**Data to examine**

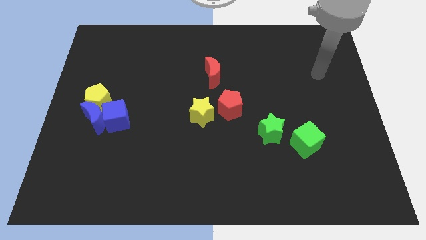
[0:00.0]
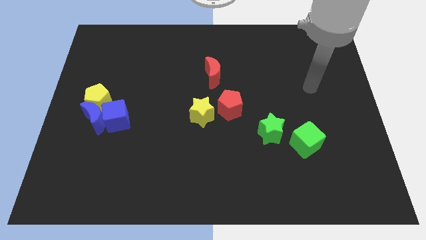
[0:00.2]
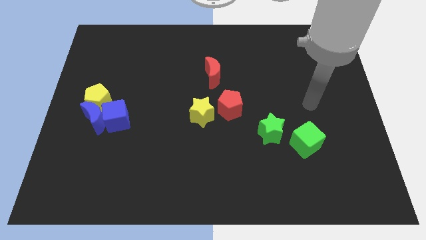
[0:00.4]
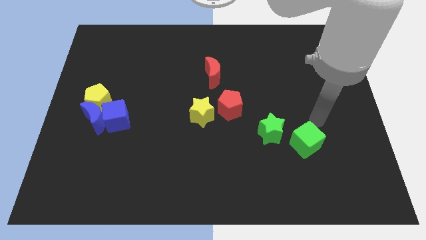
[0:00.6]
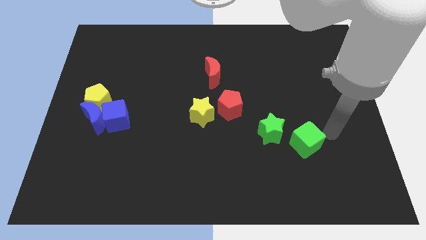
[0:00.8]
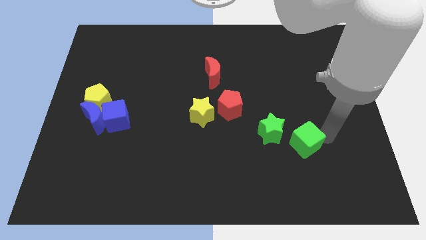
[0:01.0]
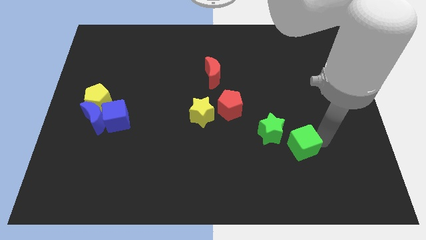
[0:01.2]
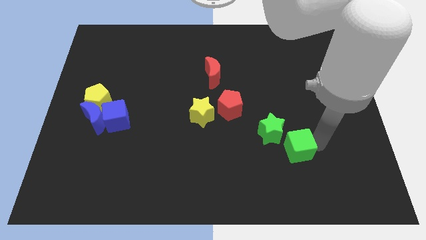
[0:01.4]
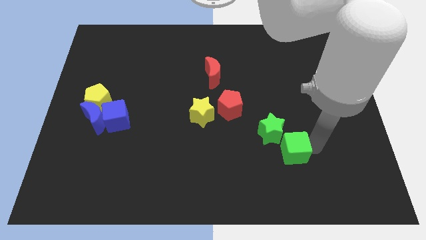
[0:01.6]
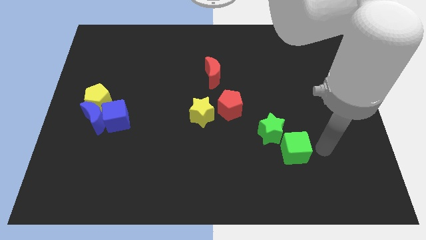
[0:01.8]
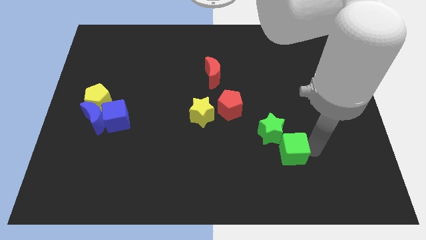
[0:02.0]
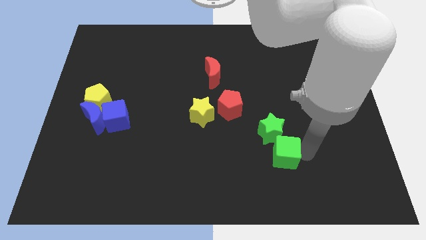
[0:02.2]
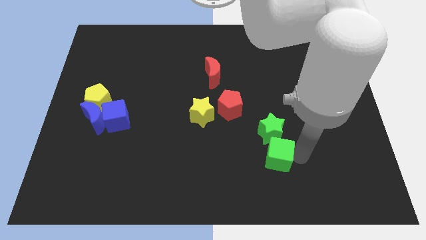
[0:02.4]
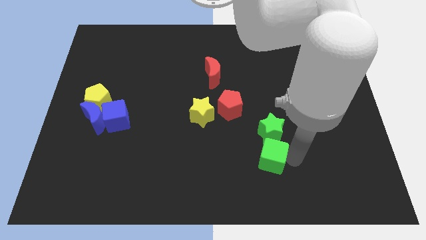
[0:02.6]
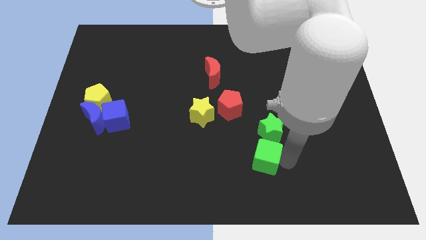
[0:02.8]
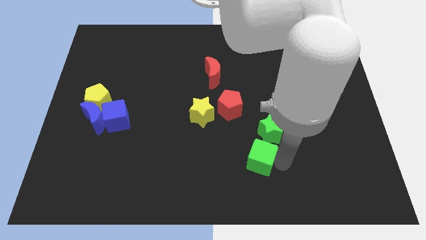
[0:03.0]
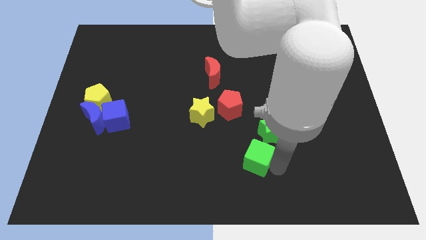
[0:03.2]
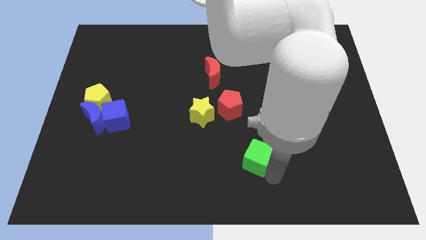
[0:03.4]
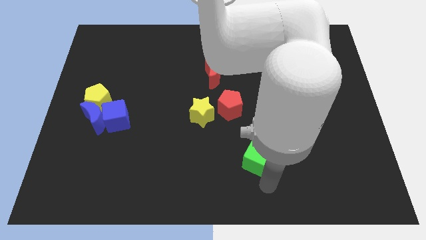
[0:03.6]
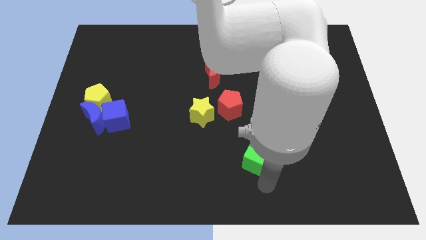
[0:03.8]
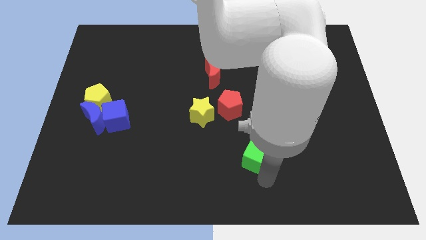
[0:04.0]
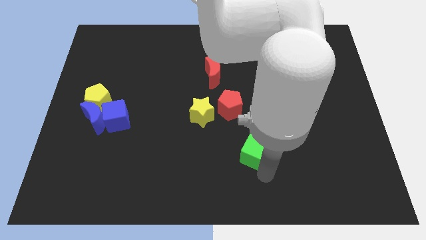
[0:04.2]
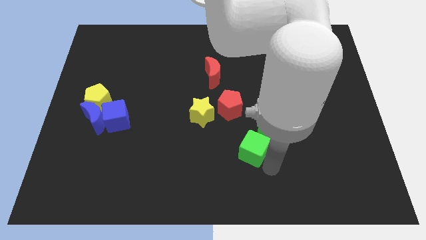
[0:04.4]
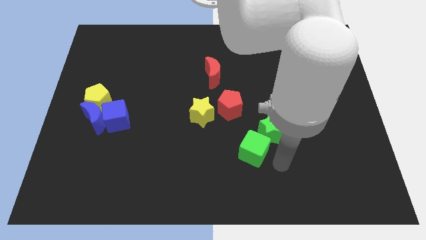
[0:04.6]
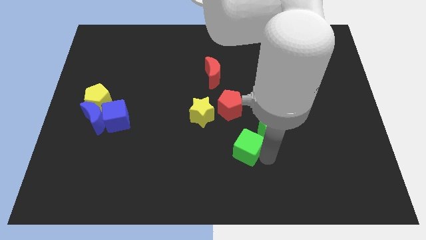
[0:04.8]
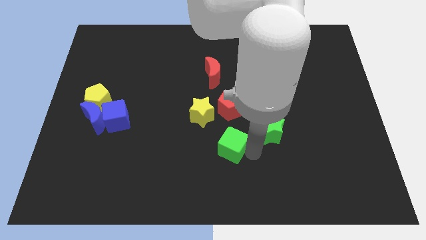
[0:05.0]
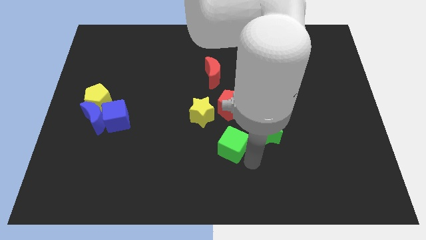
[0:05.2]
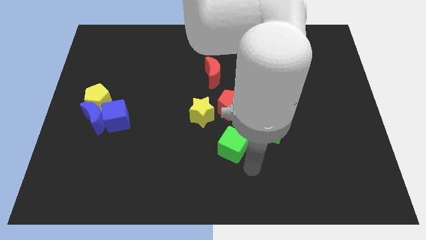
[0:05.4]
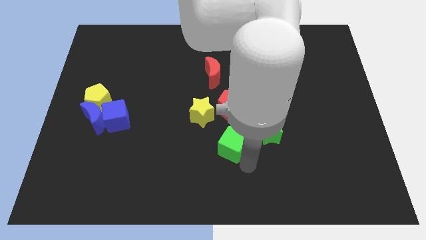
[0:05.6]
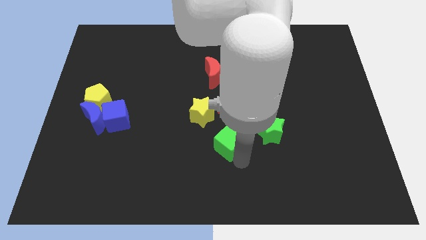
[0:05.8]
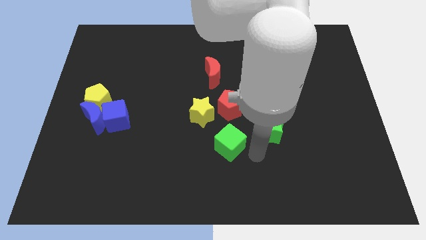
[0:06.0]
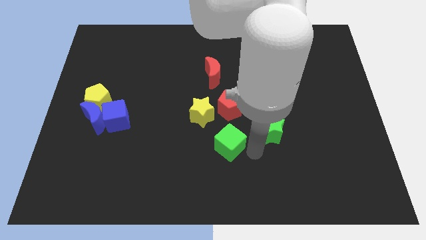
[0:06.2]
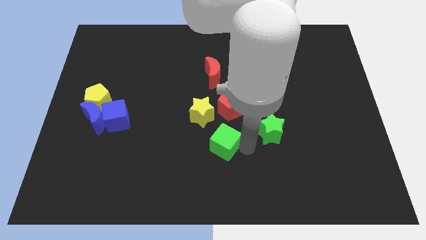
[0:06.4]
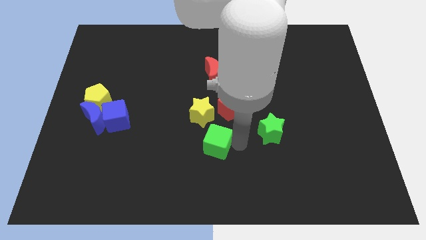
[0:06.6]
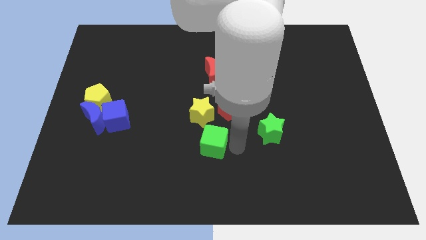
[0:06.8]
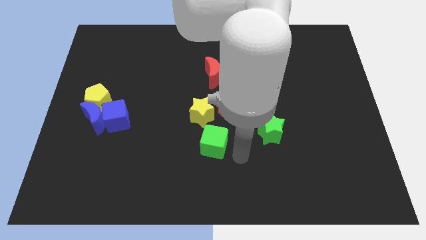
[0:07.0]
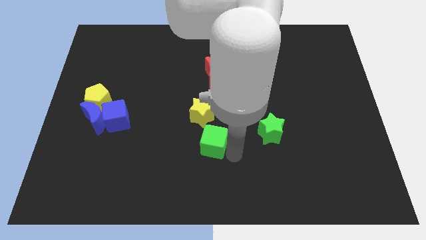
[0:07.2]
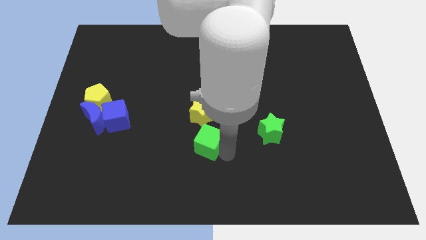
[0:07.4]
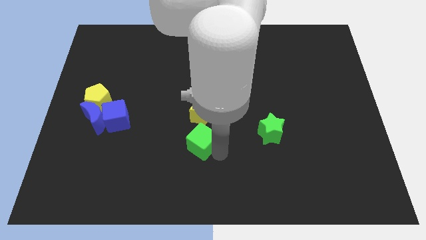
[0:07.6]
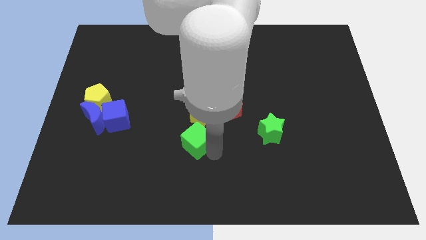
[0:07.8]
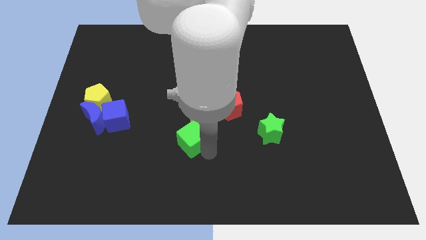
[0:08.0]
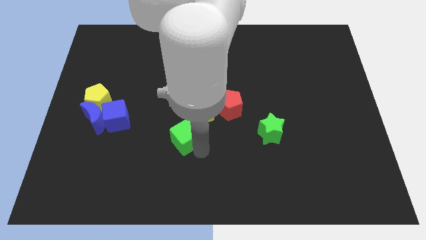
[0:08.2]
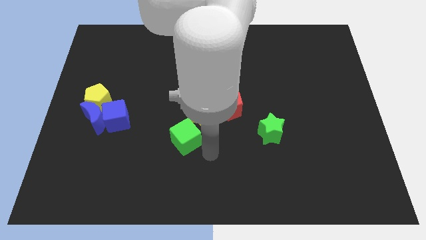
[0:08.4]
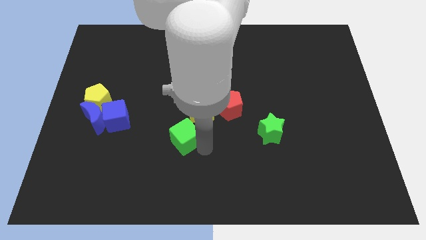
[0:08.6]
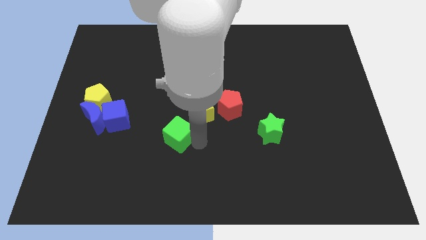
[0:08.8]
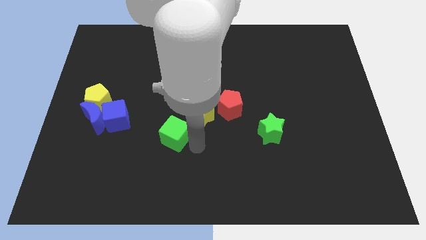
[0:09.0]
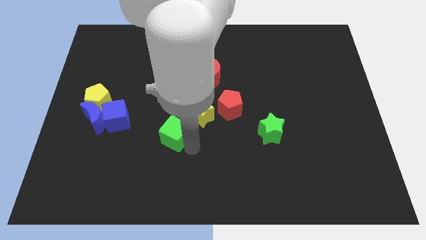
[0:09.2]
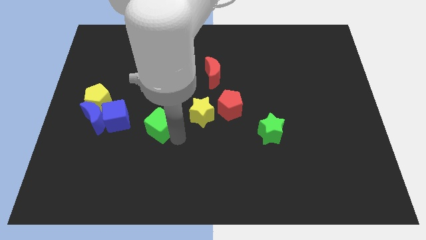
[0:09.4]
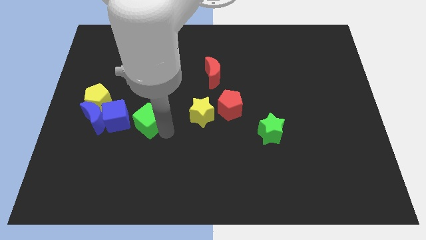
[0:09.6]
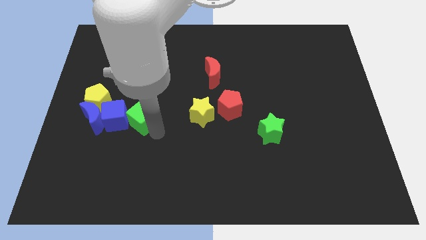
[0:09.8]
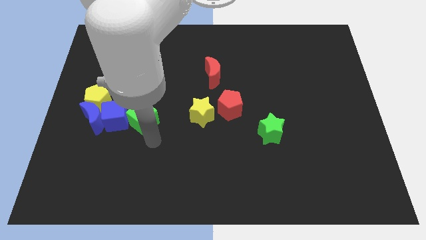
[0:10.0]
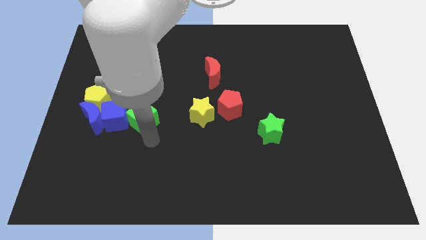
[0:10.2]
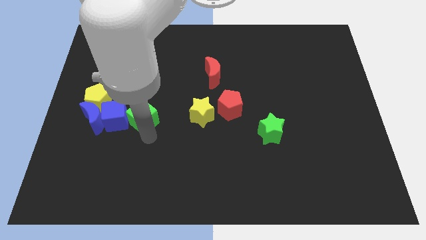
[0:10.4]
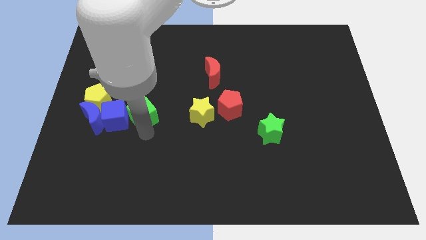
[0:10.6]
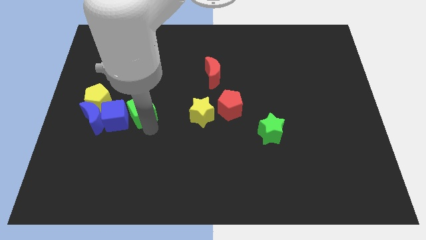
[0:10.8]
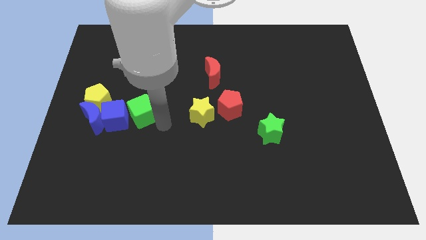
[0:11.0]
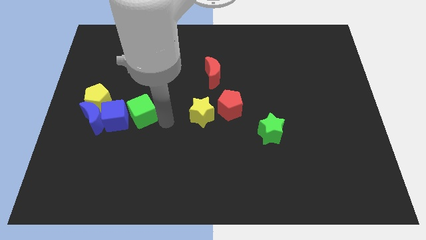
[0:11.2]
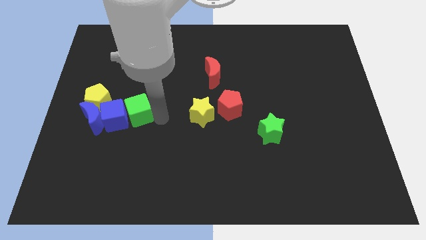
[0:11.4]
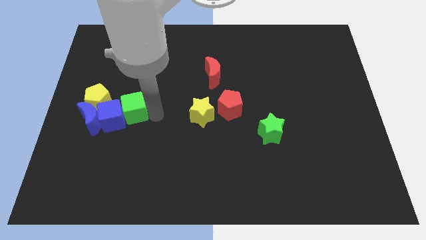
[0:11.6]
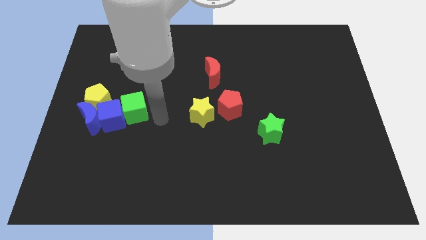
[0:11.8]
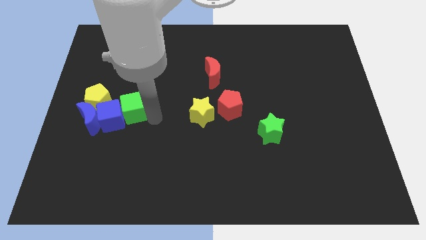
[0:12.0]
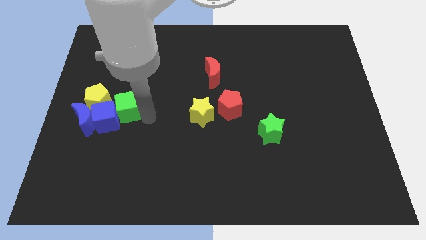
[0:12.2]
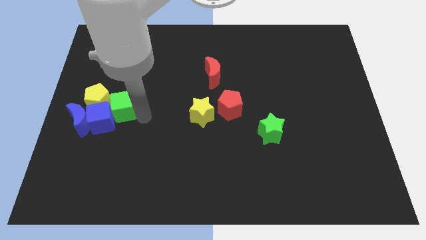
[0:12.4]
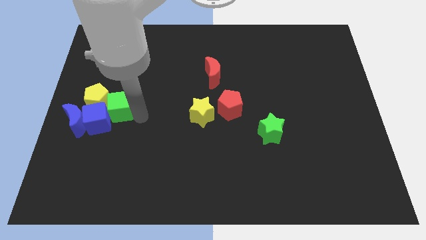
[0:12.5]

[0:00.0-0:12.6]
put the green cube towards the yellow pentagon

**Exercise directions**
Your copy should match the entries exactly, minus the pictures.

**Result of this exercise**
[0:00.0]
[0:00.2]
[0:00.4]
[0:00.6]
[0:00.8]
[0:01.0]
[0:01.2]
[0:01.4]
[0:01.6]
[0:01.8]
[0:02.0]
[0:02.2]
[0:02.4]
[0:02.6]
[0:02.8]
[0:03.0]
[0:03.2]
[0:03.4]
[0:03.6]
[0:03.8]
[0:04.0]
[0:04.2]
[0:04.4]
[0:04.6]
[0:04.8]
[0:05.0]
[0:05.2]
[0:05.4]
[0:05.6]
[0:05.8]
[0:06.0]
[0:06.2]
[0:06.4]
[0:06.6]
[0:06.8]
[0:07.0]
[0:07.2]
[0:07.4]
[0:07.6]
[0:07.8]
[0:08.0]
[0:08.2]
[0:08.4]
[0:08.6]
[0:08.8]
[0:09.0]
[0:09.2]
[0:09.4]
[0:09.6]
[0:09.8]
[0:10.0]
[0:10.2]
[0:10.4]
[0:10.6]
[0:10.8]
[0:11.0]
[0:11.2]
[0:11.4]
[0:11.6]
[0:11.8]
[0:12.0]
[0:12.2]
[0:12.4]
[0:12.5]

[0:00.0-0:12.6]
put the green cube towards the yellow pentagon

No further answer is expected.